There’s a gold rush on in biotech as AI and other tools are used to find new drugs and treatments. With $5.5 million in new funding, Scala Biodesign is focusing these methods on a related problem: making existing or promising drugs more practical by tweaking them one (or more) molecule at at time.
The founders spun the company out of research done at the Weizmann Institute of Science in Tel Aviv around predicting the 3D structure and behavior of proteins. AlphaFold and RoseTTAfold blew the doors off the field in recent years, and by combining their capabilities with other data, Scala’s founders say they can accelerate one of the slowest aspects of engineering therapeutic molecules.
There are many potential drugs out there that perform some useful function, but are in other ways unsuitable for mass manufacturing or distribution — for instance, they break up at room temperature, or when exposed to a body’s natural chemical environment. A more robust version might involve swapping out one small piece of the molecule… but which piece, and what do you swap in?
“Protein development process is very complex, and even in large companies it’s largely trial and error,” said CEO and co-founder Ravit Netzer. “Scientists engineer them by some flavor of random mutagenesis. But now that we know the structures of these proteins, it’s clear that randomly changing things is not really an option.”
As an example: A small protein that’s a chain of 100 amino acids, with 20 options for each of those 100 positions, has so many possibilities to test that you could do so until the sun burned out and still not exhaust them. And indeed, many such attempts to randomly hit on an improvement either take a long time to get results or simply fail and cost millions.
Scala co-founders Ravit Netzer (left) and Adi Goldenzweig.
Scala co-founders Ravit Netzer (left) and Adi Goldenzweig.
It’s a bit like changing one word of a paragraph to a random one from the dictionary and hoping it gets your point across better, when what you need is a thesaurus. (Trust a writer to come up with a tortured metaphor like this one.)
Scala has combined protein structure prediction with clinical data and observations of naturally occurring proteins to produce a system that can home in on changes that accomplish a given outcome. Improving stability, amplifying effect, easing manufacture, there are plenty of ways that almost-there proteins can graduate to useful and effective levels.
It’s all computational — no wet lab — and they ultimately provide a small number of high confidence sequences, one of which they are sure will at least move things in the right direction.
The malaria vaccine candidate, before and after modification.
The malaria vaccine candidate, before and after modification.
As a real-world example, one lab was working on a naturally occurring protein that works as a malaria vaccine.
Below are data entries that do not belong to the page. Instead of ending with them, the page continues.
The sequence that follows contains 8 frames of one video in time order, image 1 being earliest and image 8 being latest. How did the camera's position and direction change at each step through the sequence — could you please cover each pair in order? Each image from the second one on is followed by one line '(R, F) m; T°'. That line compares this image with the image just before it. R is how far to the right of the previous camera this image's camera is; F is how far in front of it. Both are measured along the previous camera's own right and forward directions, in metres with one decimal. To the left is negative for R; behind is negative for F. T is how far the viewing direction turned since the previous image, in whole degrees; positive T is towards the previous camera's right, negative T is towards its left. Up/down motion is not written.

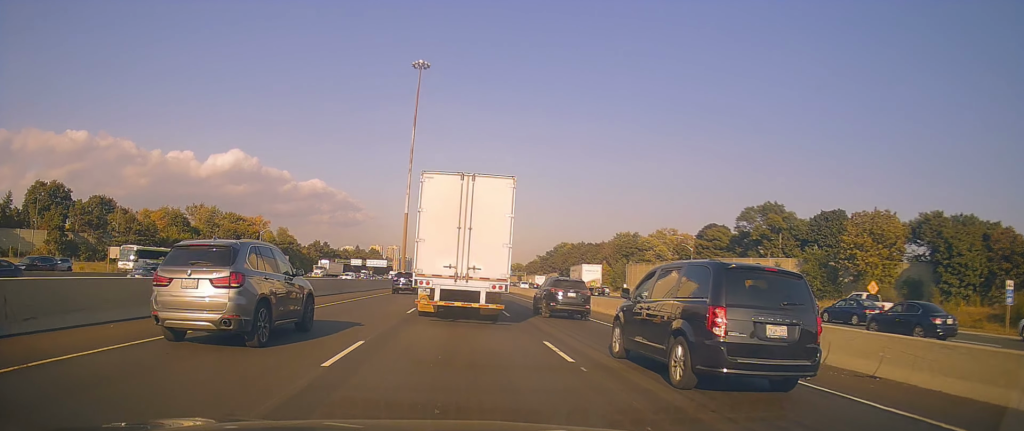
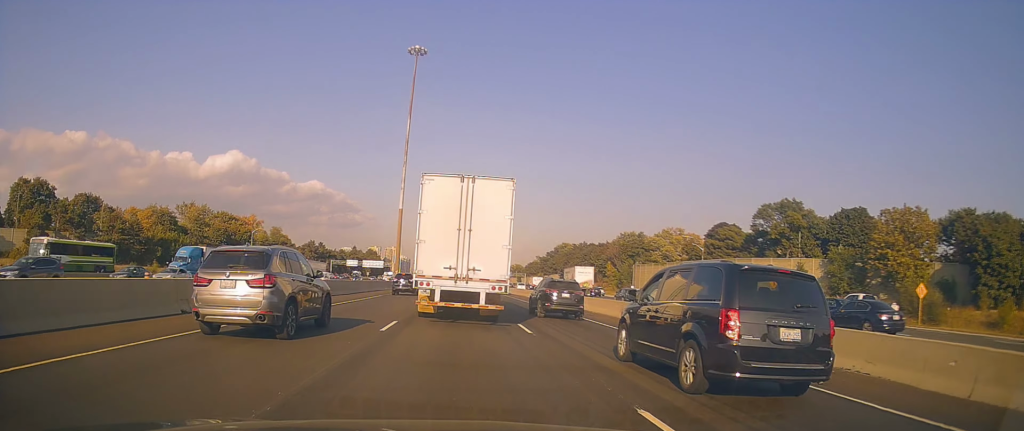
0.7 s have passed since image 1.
(+0.1, +6.7) m; +3°
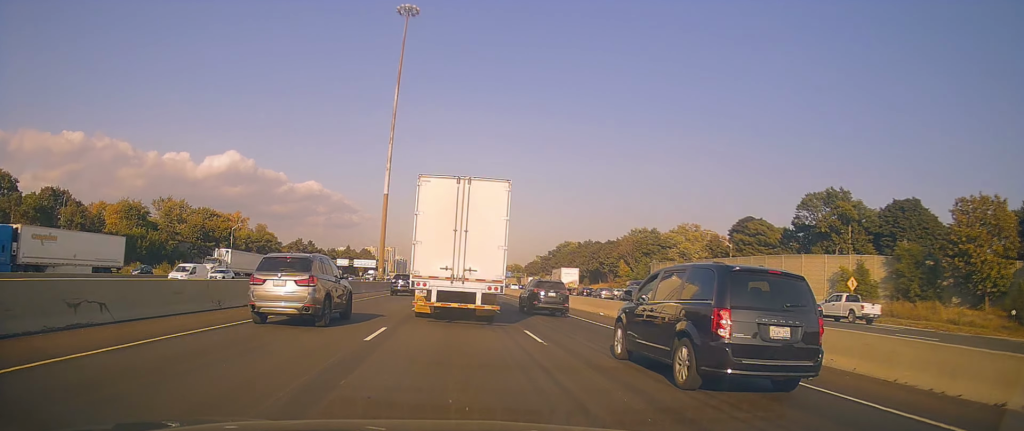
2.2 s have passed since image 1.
(+0.1, +14.3) m; 0°
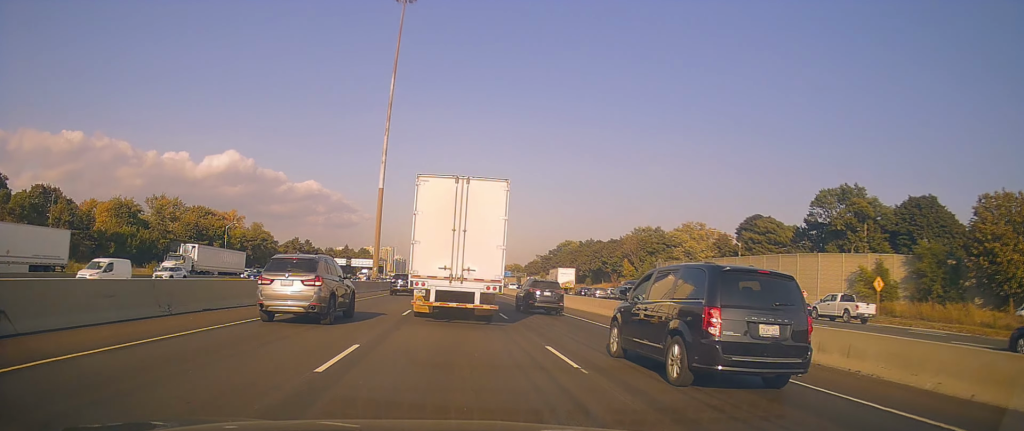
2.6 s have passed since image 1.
(-0.2, +3.8) m; 0°
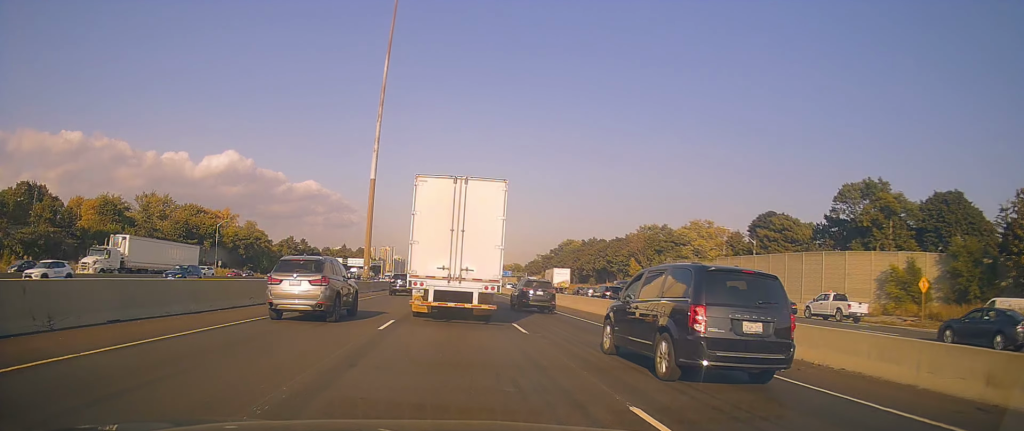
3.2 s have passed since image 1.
(+0.2, +5.8) m; 0°
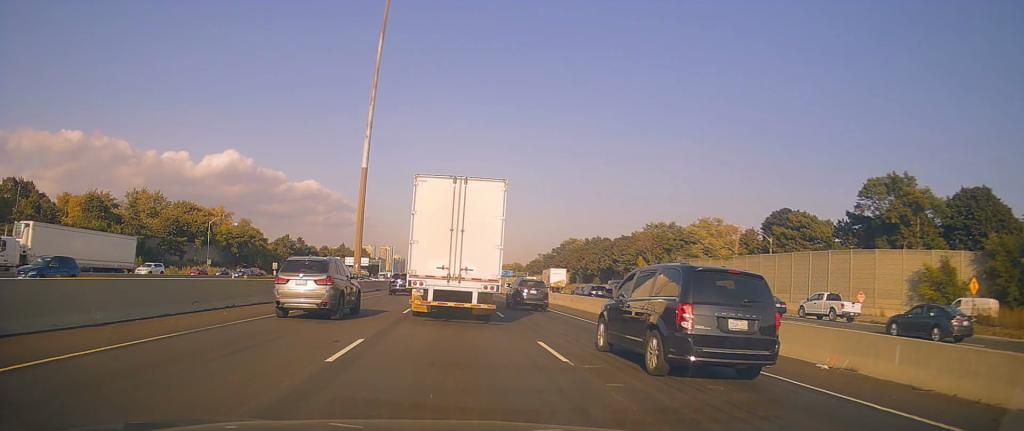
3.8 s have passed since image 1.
(+0.1, +5.5) m; 0°
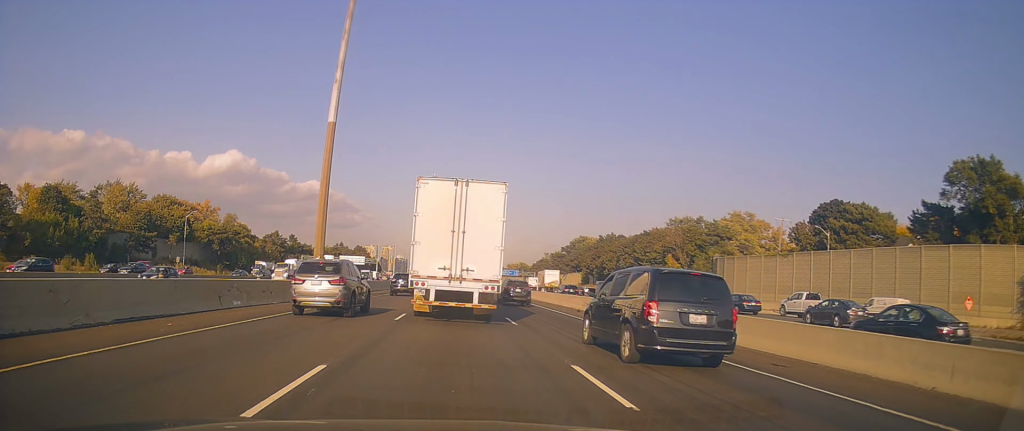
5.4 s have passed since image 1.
(-0.5, +15.7) m; -1°
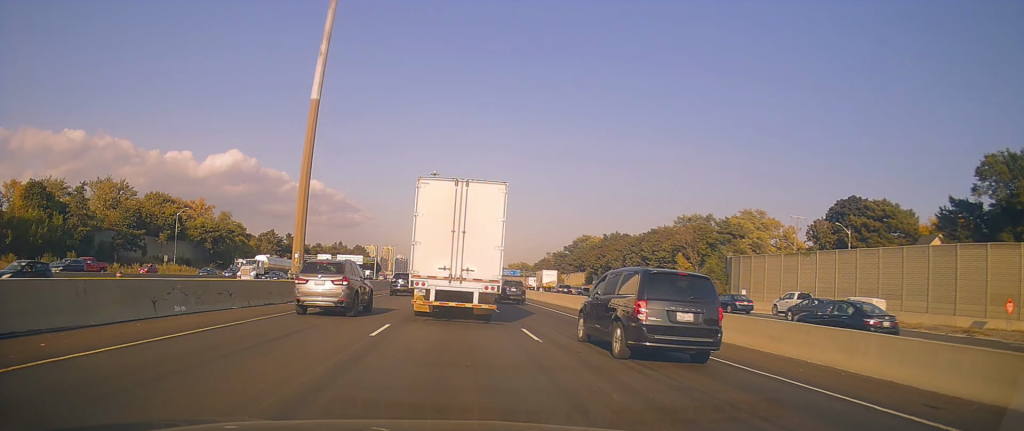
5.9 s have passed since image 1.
(0.0, +4.9) m; 0°

The problem is that it is sensitive to temperature, and likely wouldn’t survive transport or storage.
“They knew they had a problem with thermal stability. They gave one input and got three outputs, went with the best one, and it’s now in clinical trials,” said CTO and co-founder Adi Goldenzweig. “Ideally we would provide one option and be 100% confident, but we’re not there yet. But people often go through tens of thousands.”
They added that this is not simply switching one amino acid for another, but that in larger proteins they may be swapping in dozens at at time. “You won’t find anybody doing that, over 50 mutations in one shot,” Goldenzweig pointed out.
“I think we have a very unique range and depth of validation — a track record of successful protein design in very diverse applications. Antibodies, enzymes you name it,” said Netzer. “We have shown time and again that you can actually design major improvements to proteins — we want to prove this can be done at scale, not just as a PhD project.” (Hence the company’s name.)
Currently the company is working with some unnamed pharmaceutical companies and labs, and remaining flexible as far as the licensing and business model goes. Providing and proving out the service is the priority, not establishing their own biological IP, though they don’t rule that out for the future.
“As a seed company we can’t do everything, so we’re focusing on working with companies, showing them our tech. The way to work with them is to not complicate things,” Netzer explained.
The company’s $5.5 million seed funding round, led by TLV partners, is their first. Having emerged from stealth, they will be pursuing more partnerships and studies, with the hopes of making protein engineering as easy as checking your email.